Dataset records
▶

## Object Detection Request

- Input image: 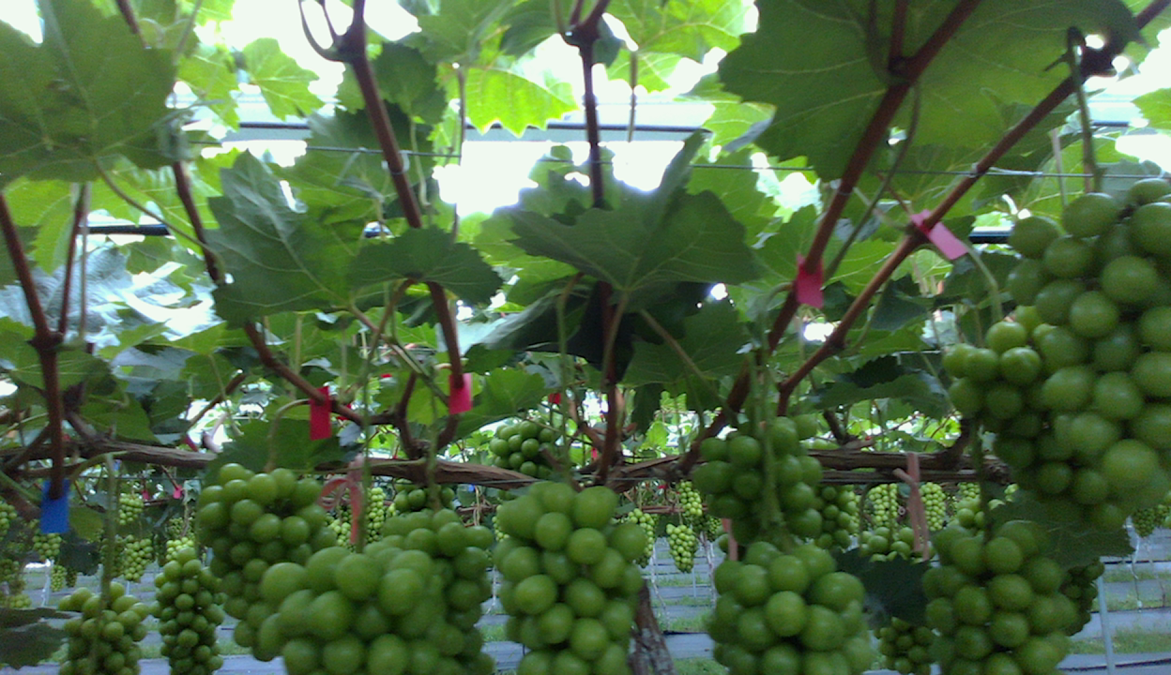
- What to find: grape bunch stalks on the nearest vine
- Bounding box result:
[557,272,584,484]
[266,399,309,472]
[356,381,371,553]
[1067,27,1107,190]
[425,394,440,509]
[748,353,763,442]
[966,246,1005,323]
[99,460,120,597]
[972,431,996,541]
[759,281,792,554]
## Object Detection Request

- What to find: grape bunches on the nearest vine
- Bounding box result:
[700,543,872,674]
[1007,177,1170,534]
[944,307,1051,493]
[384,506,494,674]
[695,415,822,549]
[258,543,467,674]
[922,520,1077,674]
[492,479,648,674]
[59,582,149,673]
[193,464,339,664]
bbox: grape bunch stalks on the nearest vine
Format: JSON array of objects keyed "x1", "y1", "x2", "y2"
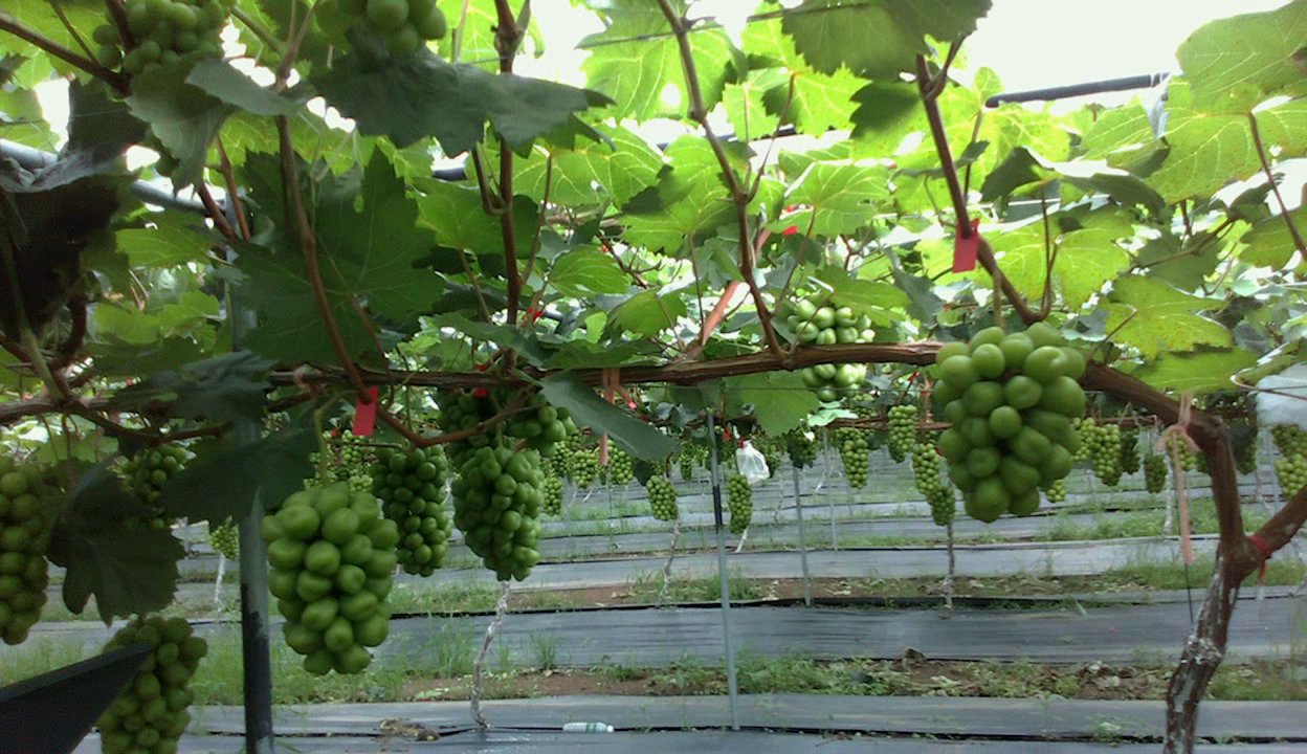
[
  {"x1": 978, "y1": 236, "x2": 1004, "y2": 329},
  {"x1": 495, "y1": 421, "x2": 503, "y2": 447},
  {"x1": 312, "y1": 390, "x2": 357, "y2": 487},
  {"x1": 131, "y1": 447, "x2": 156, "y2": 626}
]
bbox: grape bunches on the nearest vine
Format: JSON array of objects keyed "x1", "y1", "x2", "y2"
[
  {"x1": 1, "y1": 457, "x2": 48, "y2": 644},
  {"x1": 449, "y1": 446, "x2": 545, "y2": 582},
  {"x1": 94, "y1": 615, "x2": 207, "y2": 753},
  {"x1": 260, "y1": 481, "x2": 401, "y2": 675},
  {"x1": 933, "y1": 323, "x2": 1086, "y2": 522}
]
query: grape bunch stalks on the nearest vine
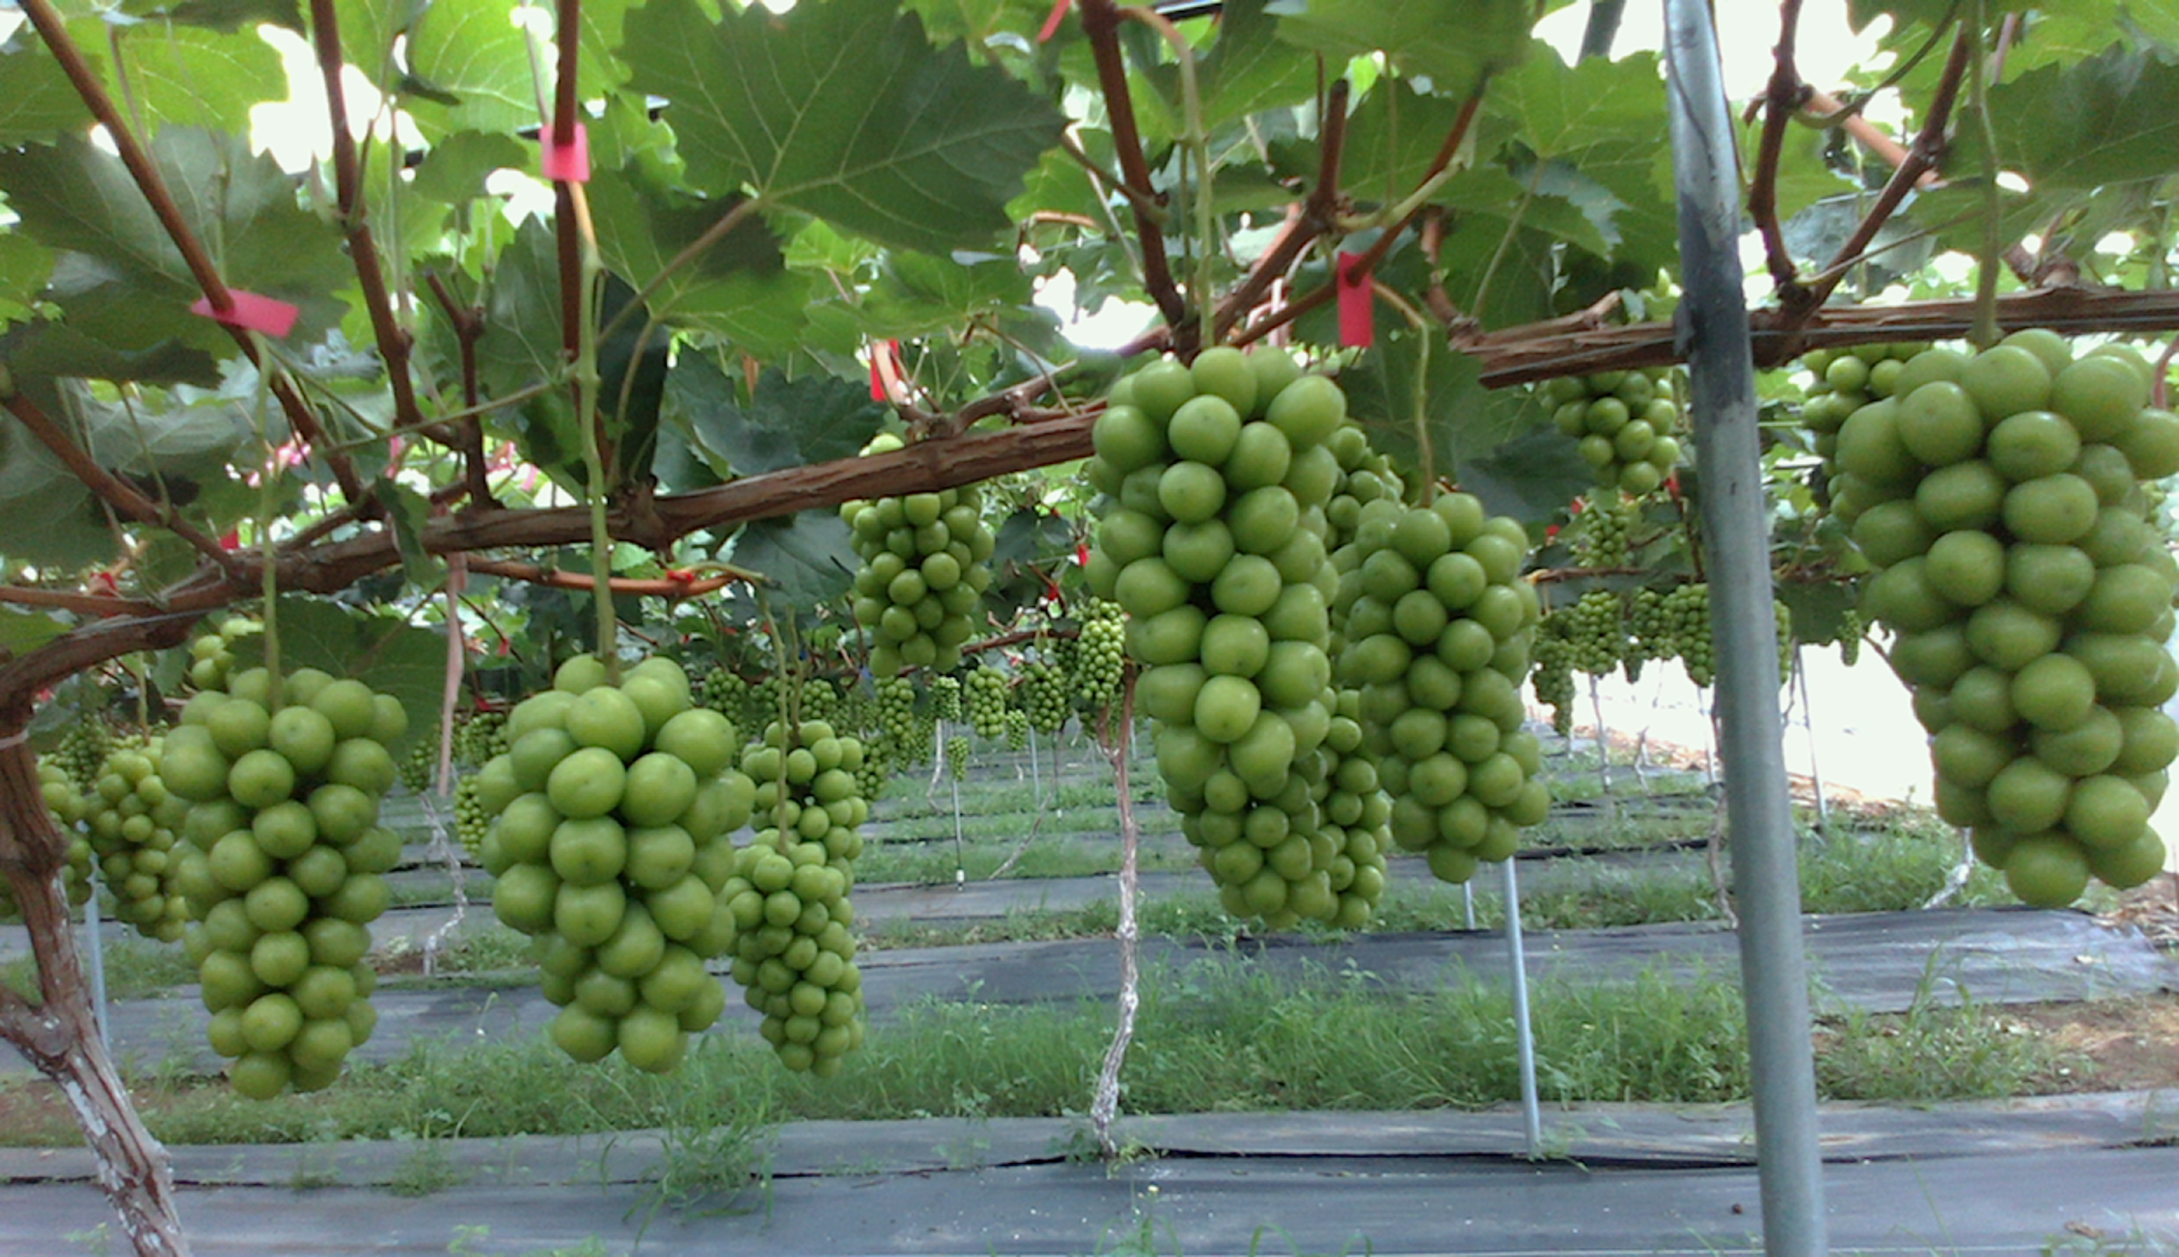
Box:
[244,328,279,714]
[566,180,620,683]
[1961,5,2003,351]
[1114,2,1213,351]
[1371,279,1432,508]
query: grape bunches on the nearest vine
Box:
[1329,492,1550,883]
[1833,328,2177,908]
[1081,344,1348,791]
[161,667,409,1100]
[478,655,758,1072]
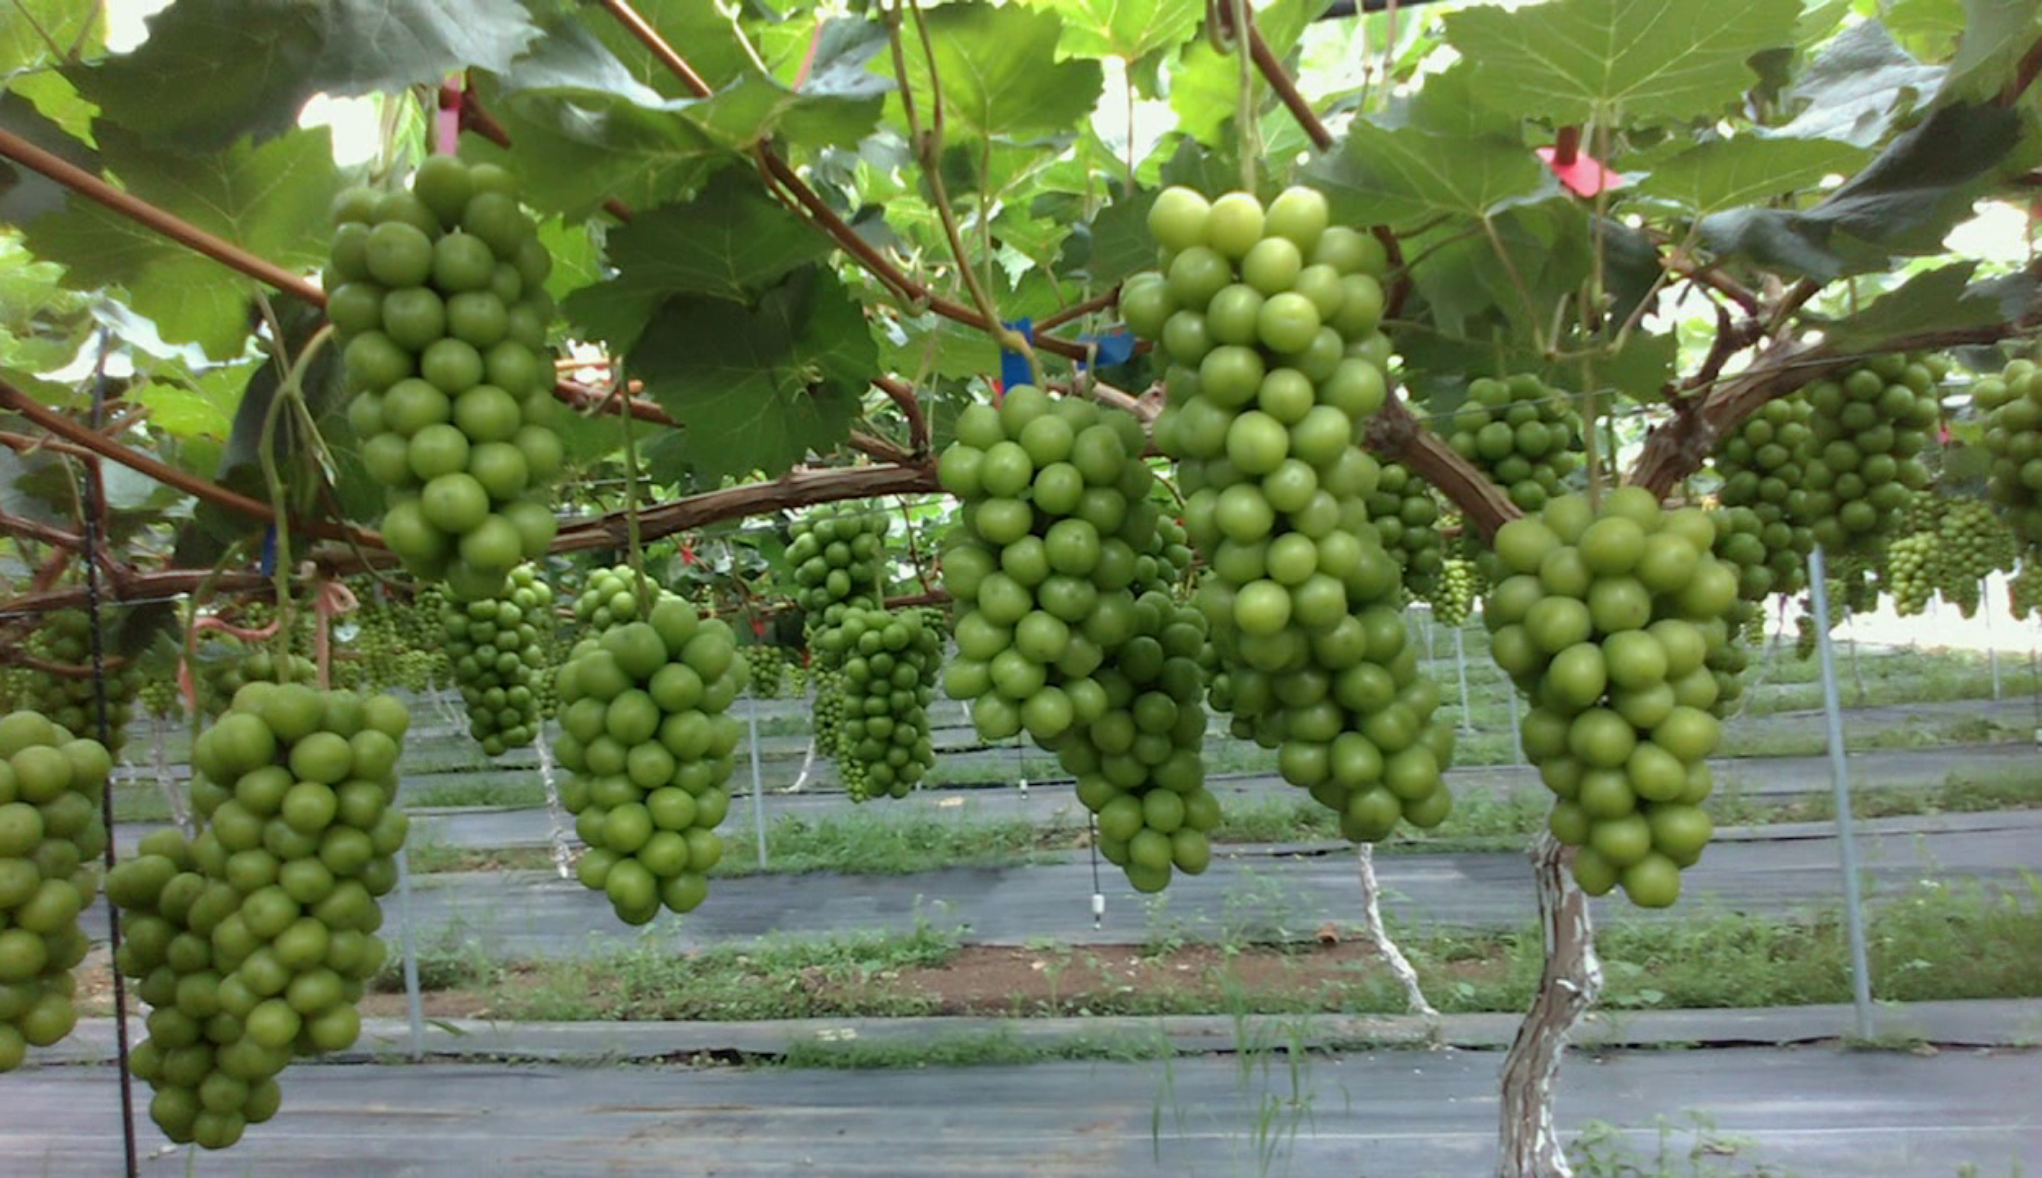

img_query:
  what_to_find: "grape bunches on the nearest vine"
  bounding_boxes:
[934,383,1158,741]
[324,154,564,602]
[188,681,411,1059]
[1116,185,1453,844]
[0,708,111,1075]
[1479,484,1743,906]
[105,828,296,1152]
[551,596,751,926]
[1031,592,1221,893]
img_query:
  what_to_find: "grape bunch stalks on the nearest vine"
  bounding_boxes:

◀

• Directions for this task: Among the lines of the data, identify those with the word "stalks". Copy each of them.

• Answer section:
- What to find: grape bunch stalks on the nearest vine
bbox: grape bunch stalks on the nearest vine
query: grape bunch stalks on the nearest vine
  what_to_find: "grape bunch stalks on the nearest vine"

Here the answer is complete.